First, it appeared to me as if the lappet of my overcoat pocket were in

movement, being raised. I did not pay much attention to this, as I

supposed that the garment was sliding down on to the seat of the sofa,

from the back, and that this displacement of gravity caused the movement

I observed. But this I soon saw was not the case. That which moved the

lappet was something in the pocket that was struggling to get out. I

could see now that it was working its way up the inside, and that when

it reached the opening it lost balance and fell down again. I could make

this out by the projections and indentations in the cloth; these moved

as the creature, or whatever it was, worked its way up the lining.



"A mouse," I said, and forgot my seediness; I was interested. "The

little rascal! However did he contrive to seat himself in my pocket? and

I have worn that overcoat all the morning!" But no--it was not a mouse.

I saw something white poke its way out from under the lappet; and in

another moment an object was revealed that, though revealed, I could not

understand, nor could I distinguish what it was.



Now roused by curiosity, I raised myself on my elbow. In doing this I

made some noise, the bed creaked. Instantly the something dropped on the

floor, lay outstretched for a moment, to recover itself, and then began,

with the motions of a maggot, to run along the floor.



There is a caterpillar called "The Measurer," because, when it advances,

it draws its tail up to where its head is and then throws forward its

full length, and again draws up its extremity, forming at each time a

loop; and with each step measuring its total length. The object I now

saw on the floor was advancing precisely like the measuring caterpillar.

It had the colour of a cheese-maggot, and in length was about three and

a half inches. It was not, however, like a caterpillar, which is

flexible throughout its entire length, but this was, as it seemed to me,

jointed in two places, one joint being more conspicuous than the other.

For some moments I was so completely paralysed by astonishment that I

remained motionless, looking at the thing as it crawled along the

carpet--a dull green carpet with darker green, almost black, flowers in

it.



It had, as it seemed to me, a glossy head, distinctly marked; but, as

the light was not brilliant, I could not make out very clearly, and,

moreover, the rapid movements prevented close scrutiny.
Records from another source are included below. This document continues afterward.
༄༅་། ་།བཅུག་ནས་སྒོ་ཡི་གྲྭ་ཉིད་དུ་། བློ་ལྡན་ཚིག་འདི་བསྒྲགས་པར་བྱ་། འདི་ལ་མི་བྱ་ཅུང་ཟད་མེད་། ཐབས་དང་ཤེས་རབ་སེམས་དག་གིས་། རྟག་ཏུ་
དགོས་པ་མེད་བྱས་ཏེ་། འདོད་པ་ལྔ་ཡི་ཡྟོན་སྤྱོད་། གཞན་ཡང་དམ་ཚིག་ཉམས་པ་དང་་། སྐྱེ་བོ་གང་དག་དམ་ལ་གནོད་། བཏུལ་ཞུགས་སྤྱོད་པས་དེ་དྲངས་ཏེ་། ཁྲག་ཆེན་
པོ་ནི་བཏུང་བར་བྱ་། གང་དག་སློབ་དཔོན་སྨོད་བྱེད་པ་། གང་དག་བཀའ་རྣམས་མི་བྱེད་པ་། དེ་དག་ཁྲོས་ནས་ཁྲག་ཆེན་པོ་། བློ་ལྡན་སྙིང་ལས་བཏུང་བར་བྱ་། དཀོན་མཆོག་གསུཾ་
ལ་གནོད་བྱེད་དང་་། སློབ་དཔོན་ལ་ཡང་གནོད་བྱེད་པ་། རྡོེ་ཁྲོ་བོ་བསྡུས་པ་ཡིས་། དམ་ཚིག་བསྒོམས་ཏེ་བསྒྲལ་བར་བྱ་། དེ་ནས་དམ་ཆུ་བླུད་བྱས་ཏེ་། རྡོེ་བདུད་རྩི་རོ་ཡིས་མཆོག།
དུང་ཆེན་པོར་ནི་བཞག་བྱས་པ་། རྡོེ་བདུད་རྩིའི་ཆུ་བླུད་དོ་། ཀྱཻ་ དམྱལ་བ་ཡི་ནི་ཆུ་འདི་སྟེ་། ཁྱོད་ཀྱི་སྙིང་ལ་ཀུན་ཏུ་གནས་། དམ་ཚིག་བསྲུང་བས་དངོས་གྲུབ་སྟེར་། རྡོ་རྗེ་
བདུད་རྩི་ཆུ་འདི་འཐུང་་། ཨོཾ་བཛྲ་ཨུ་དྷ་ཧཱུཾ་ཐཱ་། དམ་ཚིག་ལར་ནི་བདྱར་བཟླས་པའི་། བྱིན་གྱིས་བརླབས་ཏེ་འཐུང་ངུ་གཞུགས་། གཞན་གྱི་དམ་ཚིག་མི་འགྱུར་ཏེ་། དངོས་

Presently, with a shock still more startling than that produced by its

apparition at the opening of the pocket of my great-coat, I became

convinced that what I saw was a finger, a human forefinger, and that the

glossy head was no other than the nail.



The finger did not seem to have been amputated. There was no sign of

blood or laceration where the knuckle should be, but the extremity of

the finger, or root rather, faded away to indistinctness, and I was

unable to make out the root of the finger.



I could see no hand, no body behind this finger, nothing whatever except

a finger that had little token of warm life in it, no coloration as

though blood circulated in it; and this finger was in active motion

creeping along the carpet towards a wardrobe that stood against the wall

by the fireplace.



I sprang off the bed and pursued it.



Evidently the finger was alarmed, for it redoubled its pace, reached the

wardrobe, and went under it. By the time I had arrived at the article of

furniture it had disappeared. I lit a vesta match and held it beneath

the wardrobe, that was raised above the carpet by about two inches, on

turned feet, but I could see nothing more of the finger.



I got my umbrella and thrust it beneath, and raked forwards and

backwards, right and left, and raked out flue, and nothing more solid.





II



I packed my portmanteau next day and returned to my home in the country.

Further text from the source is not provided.